In functional enrichment analysis, two databases are quite essential. These are Gene Ontology (GO) and Kyoto Encyclopedia of Genes and Genomes (KEGG). These databases emerged around the time when the first eukaryotic genome was released publicly and they have a single main objective i.e., to systematically catalog the function of genes and proteins.

Gene Ontology (GO)

The cornerstone of functional enrichment analysis is the GO. It initiates discoveries by knowledge-based computational analysis of biological data produced from large assays. GO can select or reject hypotheses and deductions related to biology by determining the annotated function which is over-represented in a given gene set of interest.

Gene Ontology (GO) defines our knowledge and information of the biological realm concerning three features:

The GO structure is explained with a graph in which each GO term is a node and edges between the nodes represent the relationship between the GO terms. GO is mostly hierarchical with the ‘recent child’ term being more specialized as compared to ‘former parent’ terms. The graph of GO is given by following figure 2:

Figure 2: Graph of Gene Ontology terms

Kyoto Encyclopedia of Genes and Genomes (KEGG)
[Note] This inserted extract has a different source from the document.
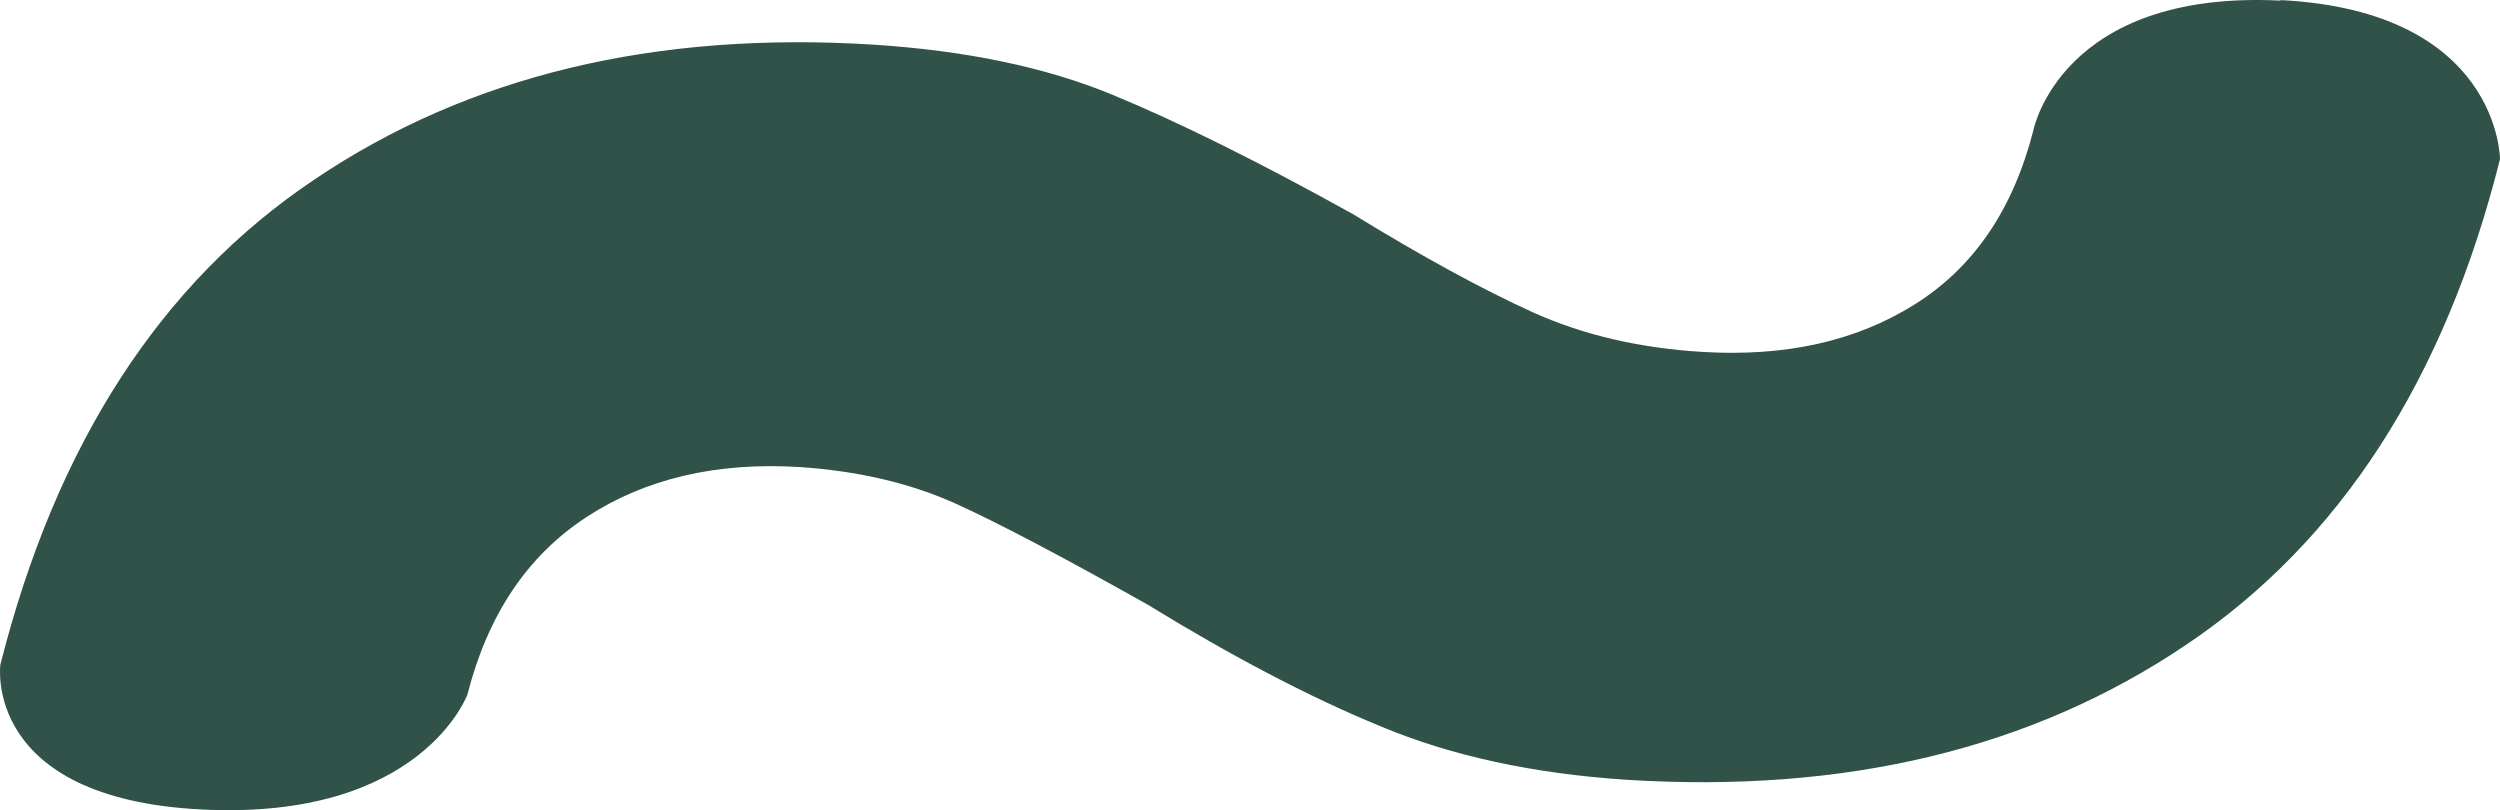 <svg width="108" height="35" viewBox="0 0 108 35" fill="none" xmlns="http://www.w3.org/2000/svg">
<path d="M98.529 0.027C89.035 -0.449 87.845 5.617 87.845 5.617C86.965 9.066 85.251 11.564 82.705 13.157C80.159 14.751 77.113 15.417 73.544 15.203C70.808 15.037 68.38 14.466 66.215 13.49C64.073 12.515 61.48 11.112 58.458 9.256C54.389 6.996 50.938 5.284 48.059 4.094C45.18 2.905 41.753 2.191 37.756 1.93C28.309 1.335 20.242 3.262 13.579 7.758C6.94 12.206 2.419 19.199 0.016 28.714C0.016 28.714 -0.769 34.495 8.725 34.971C18.219 35.446 20.194 29.999 20.194 29.999C21.075 26.55 22.788 24.005 25.334 22.339C27.88 20.674 30.95 19.961 34.519 20.175C37.042 20.341 39.279 20.864 41.206 21.721C43.157 22.601 45.941 24.076 49.582 26.122C53.223 28.358 56.578 30.118 59.647 31.379C62.717 32.663 66.263 33.424 70.26 33.686C79.707 34.281 87.774 32.354 94.436 27.858C101.099 23.386 105.62 16.369 108 6.877C108 6.877 108 0.479 98.506 0.003L98.529 0.027Z" fill="#305249"/>
</svg>

KEGG is a functional enrichment analysis database resource that allows us to understand high-level functions and the importance of biological systems from cells to the organism and the ecosystem. It is a computer-based resource of a biological system that has molecular building blocks of proteins and genes i.e., genomic knowledge and chemical information. This information is integrated with knowledge of molecular wiring diagrams of interaction, reaction, and relation networks. It also has information about diseases and drugs that cause disturbances to the biological system.

Conclusion

Functional enrichment analysis is playing a very crucial role in the analysis of the large bulk of data produced by high-throughput techniques. It has allowed us to assign a function to previously unknown genes and also it has helped in the elucidation of many important biological pathways. There are a number of tools available for functional enrichment analysis but still, each of them has a shortcoming, and still there is a need for gold standard tool in functional enrichment analysis.